[RECORDS TO PROCESS — start]

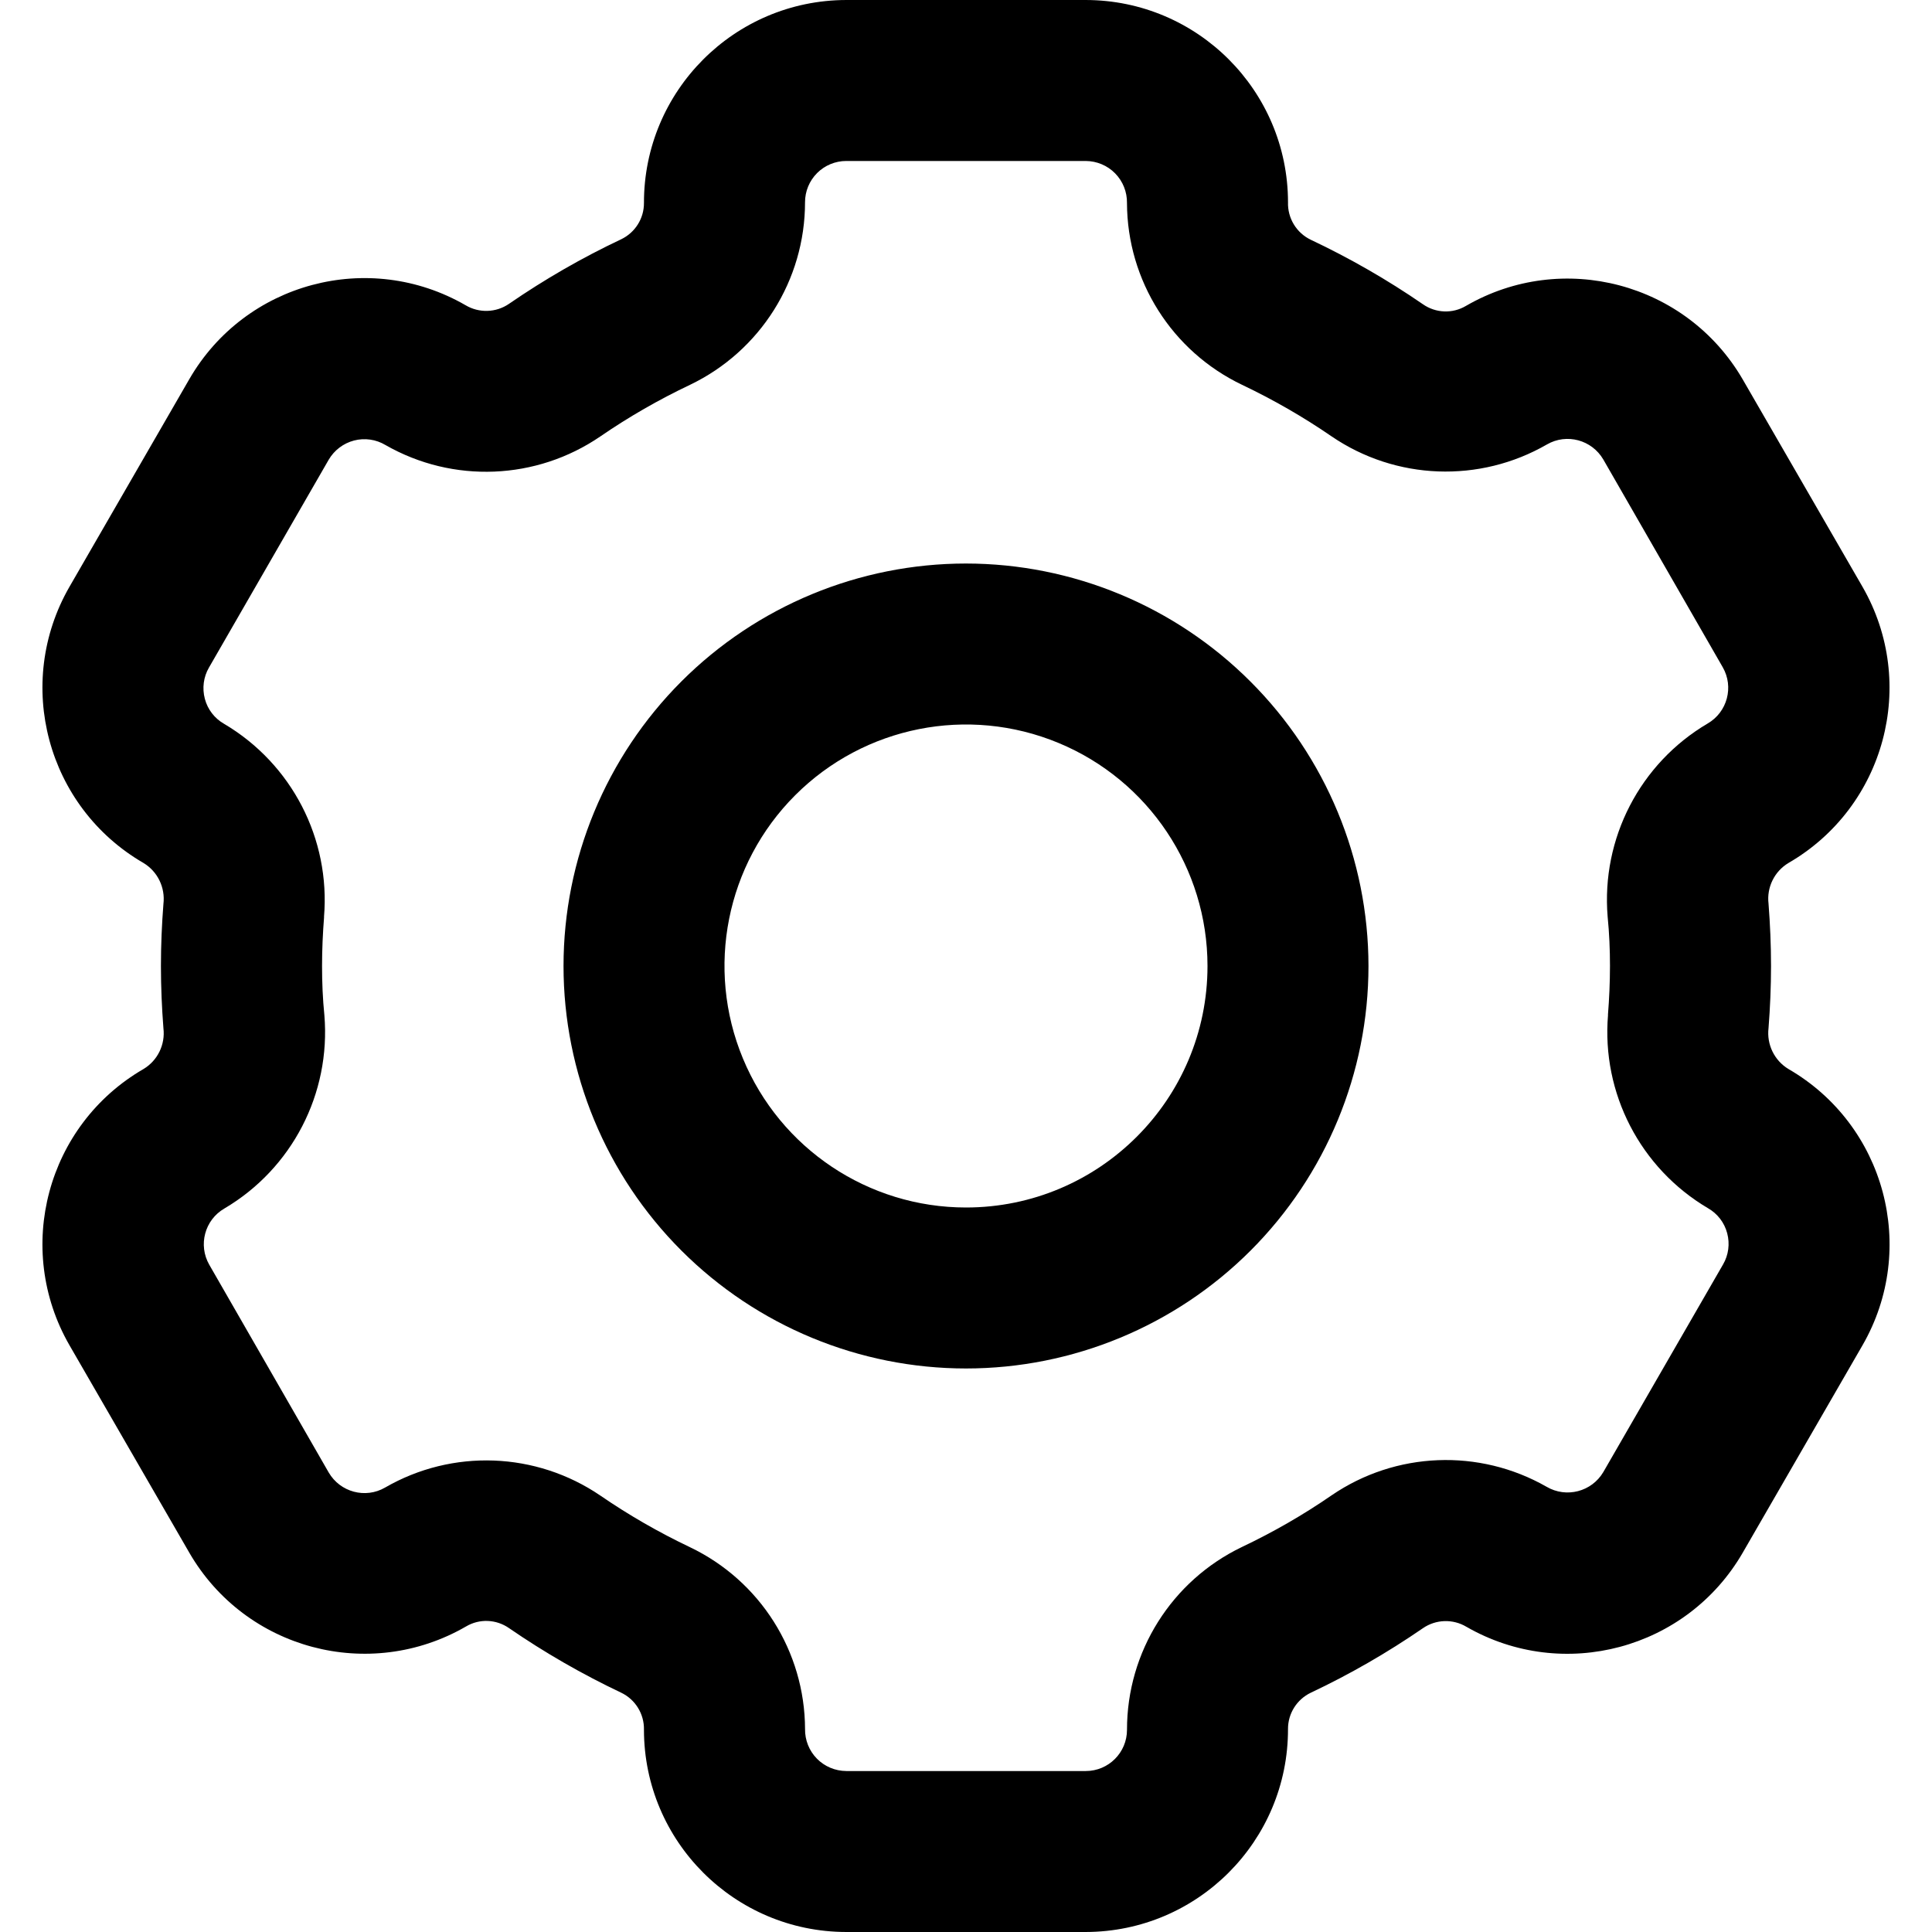 <?xml version="1.0" encoding="UTF-8"?>
<svg width="100pt" height="100pt" version="1.1" viewBox="0 0 100 100" xmlns="http://www.w3.org/2000/svg">
 <g>
  <path d="m92.57 55.332c-0.73-0.441-1.133-1.27-1.031-2.121 0.082-1.055 0.129-2.129 0.129-3.211s-0.047-2.16-0.129-3.223c-0.102-0.844 0.301-1.672 1.031-2.109 5-2.894 6.715-9.289 3.832-14.297l-6.207-10.746c-2.91-4.992-9.316-6.688-14.316-3.793-0.695 0.414-1.566 0.379-2.231-0.086-1.84-1.266-3.777-2.379-5.793-3.332-0.75-0.355-1.215-1.121-1.188-1.949-0.008-5.777-4.691-10.457-10.469-10.465h-12.398c-5.793 0.012-10.477 4.715-10.469 10.504 0.004 0.805-0.457 1.535-1.184 1.883-2.019 0.953-3.957 2.07-5.797 3.336-0.672 0.465-1.555 0.492-2.254 0.074-5.008-2.887-11.406-1.176-14.297 3.828l-6.203 10.746c-2.883 5.008-1.168 11.402 3.832 14.297 0.73 0.441 1.133 1.27 1.031 2.121-0.082 1.051-0.129 2.129-0.129 3.211s0.047 2.16 0.129 3.223c0.102 0.844-0.301 1.672-1.031 2.109-5 2.894-6.715 9.289-3.832 14.297l6.207 10.746c2.902 5.004 9.309 6.707 14.316 3.812 0.695-0.414 1.566-0.379 2.231 0.086 1.84 1.266 3.777 2.379 5.793 3.336 0.742 0.352 1.207 1.105 1.188 1.926 0.008 5.777 4.691 10.457 10.469 10.465h12.398c5.793-0.012 10.477-4.715 10.469-10.504-0.004-0.805 0.457-1.535 1.184-1.883 2.019-0.953 3.957-2.07 5.797-3.336 0.672-0.465 1.555-0.492 2.254-0.074 5.008 2.879 11.402 1.168 14.297-3.828l6.203-10.742c2.887-5.008 1.172-11.406-3.832-14.301zm-9.238-5.332c0 0.855-0.039 1.699-0.105 2.535h0.004c-0.34 4.047 1.672 7.934 5.172 10 0.492 0.281 0.852 0.746 0.996 1.297 0.145 0.547 0.07 1.129-0.215 1.617l-6.195 10.742c-0.602 1.023-1.918 1.363-2.941 0.762-3.488-1.992-7.809-1.82-11.125 0.445-1.473 1.016-3.023 1.906-4.637 2.672-3.641 1.746-5.957 5.426-5.953 9.465 0 1.176-0.953 2.133-2.133 2.133h-12.398c-0.574-0.004-1.121-0.234-1.52-0.641-0.402-0.41-0.621-0.961-0.613-1.531-0.012-4.023-2.328-7.68-5.957-9.414-1.609-0.766-3.16-1.656-4.633-2.668-3.328-2.269-7.66-2.434-11.148-0.418-1.02 0.59-2.324 0.238-2.918-0.781l-6.18-10.75c-0.586-1.02-0.238-2.324 0.781-2.914 3.5-2.062 5.512-5.949 5.176-10-0.086-0.852-0.121-1.695-0.121-2.551s0.039-1.699 0.105-2.535h-0.004c0.34-4.047-1.672-7.934-5.172-10-0.492-0.281-0.852-0.746-0.996-1.297-0.145-0.547-0.07-1.129 0.215-1.617l6.195-10.754c0.289-0.496 0.762-0.852 1.312-0.996s1.141-0.059 1.629 0.234c3.488 1.996 7.809 1.82 11.125-0.449 1.473-1.012 3.023-1.902 4.637-2.668 3.637-1.746 5.953-5.418 5.953-9.453 0-0.562 0.223-1.105 0.625-1.508 0.398-0.398 0.941-0.625 1.508-0.625h12.398c0.574 0.004 1.121 0.234 1.52 0.641 0.402 0.41 0.621 0.961 0.613 1.531 0.012 4.023 2.328 7.68 5.957 9.414 1.609 0.766 3.16 1.656 4.633 2.668 3.328 2.269 7.66 2.43 11.148 0.418 1.02-0.59 2.324-0.238 2.918 0.781l6.18 10.75c0.586 1.02 0.238 2.324-0.781 2.914-3.5 2.062-5.512 5.949-5.176 10 0.086 0.852 0.121 1.719 0.121 2.551z"/>
  <path d="m50 29.168c-5.523 0-10.824 2.195-14.73 6.102s-6.102 9.207-6.102 14.73 2.195 10.824 6.102 14.73 9.207 6.102 14.73 6.102 10.824-2.195 14.73-6.102 6.102-9.207 6.102-14.73c-0.004-5.523-2.203-10.82-6.109-14.723-3.902-3.906-9.199-6.106-14.723-6.109zm0 33.332c-5.055 0-9.613-3.047-11.547-7.715-1.938-4.672-0.867-10.051 2.707-13.625 3.574-3.574 8.953-4.644 13.625-2.707 4.668 1.934 7.715 6.492 7.715 11.547 0 6.902-5.598 12.5-12.5 12.5z"/>
 </g>
</svg>

[RECORDS TO PROCESS — finish]

In the copy, include no pictures; otherwise transcribe the entries exactly.

**OUTPUT:**
 <?xml version="1.0" encoding="UTF-8"?>
<svg width="100pt" height="100pt" version="1.1" viewBox="0 0 100 100" xmlns="http://www.w3.org/2000/svg">
 <g>
  <path d="m92.57 55.332c-0.73-0.441-1.133-1.27-1.031-2.121 0.082-1.055 0.129-2.129 0.129-3.211s-0.047-2.16-0.129-3.223c-0.102-0.844 0.301-1.672 1.031-2.109 5-2.894 6.715-9.289 3.832-14.297l-6.207-10.746c-2.91-4.992-9.316-6.688-14.316-3.793-0.695 0.414-1.566 0.379-2.231-0.086-1.84-1.266-3.777-2.379-5.793-3.332-0.75-0.355-1.215-1.121-1.188-1.949-0.008-5.777-4.691-10.457-10.469-10.465h-12.398c-5.793 0.012-10.477 4.715-10.469 10.504 0.004 0.805-0.457 1.535-1.184 1.883-2.019 0.953-3.957 2.07-5.797 3.336-0.672 0.465-1.555 0.492-2.254 0.074-5.008-2.887-11.406-1.176-14.297 3.828l-6.203 10.746c-2.883 5.008-1.168 11.402 3.832 14.297 0.73 0.441 1.133 1.27 1.031 2.121-0.082 1.051-0.129 2.129-0.129 3.211s0.047 2.16 0.129 3.223c0.102 0.844-0.301 1.672-1.031 2.109-5 2.894-6.715 9.289-3.832 14.297l6.207 10.746c2.902 5.004 9.309 6.707 14.316 3.812 0.695-0.414 1.566-0.379 2.231 0.086 1.84 1.266 3.777 2.379 5.793 3.336 0.742 0.352 1.207 1.105 1.188 1.926 0.008 5.777 4.691 10.457 10.469 10.465h12.398c5.793-0.012 10.477-4.715 10.469-10.504-0.004-0.805 0.457-1.535 1.184-1.883 2.019-0.953 3.957-2.07 5.797-3.336 0.672-0.465 1.555-0.492 2.254-0.074 5.008 2.879 11.402 1.168 14.297-3.828l6.203-10.742c2.887-5.008 1.172-11.406-3.832-14.301zm-9.238-5.332c0 0.855-0.039 1.699-0.105 2.535h0.004c-0.34 4.047 1.672 7.934 5.172 10 0.492 0.281 0.852 0.746 0.996 1.297 0.145 0.547 0.07 1.129-0.215 1.617l-6.195 10.742c-0.602 1.023-1.918 1.363-2.941 0.762-3.488-1.992-7.809-1.82-11.125 0.445-1.473 1.016-3.023 1.906-4.637 2.672-3.641 1.746-5.957 5.426-5.953 9.465 0 1.176-0.953 2.133-2.133 2.133h-12.398c-0.574-0.004-1.121-0.234-1.52-0.641-0.402-0.41-0.621-0.961-0.613-1.531-0.012-4.023-2.328-7.68-5.957-9.414-1.609-0.766-3.16-1.656-4.633-2.668-3.328-2.269-7.66-2.434-11.148-0.418-1.02 0.59-2.324 0.238-2.918-0.781l-6.18-10.75c-0.586-1.02-0.238-2.324 0.781-2.914 3.5-2.062 5.512-5.949 5.176-10-0.086-0.852-0.121-1.695-0.121-2.551s0.039-1.699 0.105-2.535h-0.004c0.34-4.047-1.672-7.934-5.172-10-0.492-0.281-0.852-0.746-0.996-1.297-0.145-0.547-0.07-1.129 0.215-1.617l6.195-10.754c0.289-0.496 0.762-0.852 1.312-0.996s1.141-0.059 1.629 0.234c3.488 1.996 7.809 1.82 11.125-0.449 1.473-1.012 3.023-1.902 4.637-2.668 3.637-1.746 5.953-5.418 5.953-9.453 0-0.562 0.223-1.105 0.625-1.508 0.398-0.398 0.941-0.625 1.508-0.625h12.398c0.574 0.004 1.121 0.234 1.52 0.641 0.402 0.41 0.621 0.961 0.613 1.531 0.012 4.023 2.328 7.68 5.957 9.414 1.609 0.766 3.16 1.656 4.633 2.668 3.328 2.269 7.66 2.43 11.148 0.418 1.02-0.59 2.324-0.238 2.918 0.781l6.18 10.75c0.586 1.02 0.238 2.324-0.781 2.914-3.5 2.062-5.512 5.949-5.176 10 0.086 0.852 0.121 1.719 0.121 2.551z"/>
  <path d="m50 29.168c-5.523 0-10.824 2.195-14.73 6.102s-6.102 9.207-6.102 14.73 2.195 10.824 6.102 14.73 9.207 6.102 14.73 6.102 10.824-2.195 14.73-6.102 6.102-9.207 6.102-14.73c-0.004-5.523-2.203-10.82-6.109-14.723-3.902-3.906-9.199-6.106-14.723-6.109zm0 33.332c-5.055 0-9.613-3.047-11.547-7.715-1.938-4.672-0.867-10.051 2.707-13.625 3.574-3.574 8.953-4.644 13.625-2.707 4.668 1.934 7.715 6.492 7.715 11.547 0 6.902-5.598 12.5-12.5 12.5z"/>
 </g>
</svg>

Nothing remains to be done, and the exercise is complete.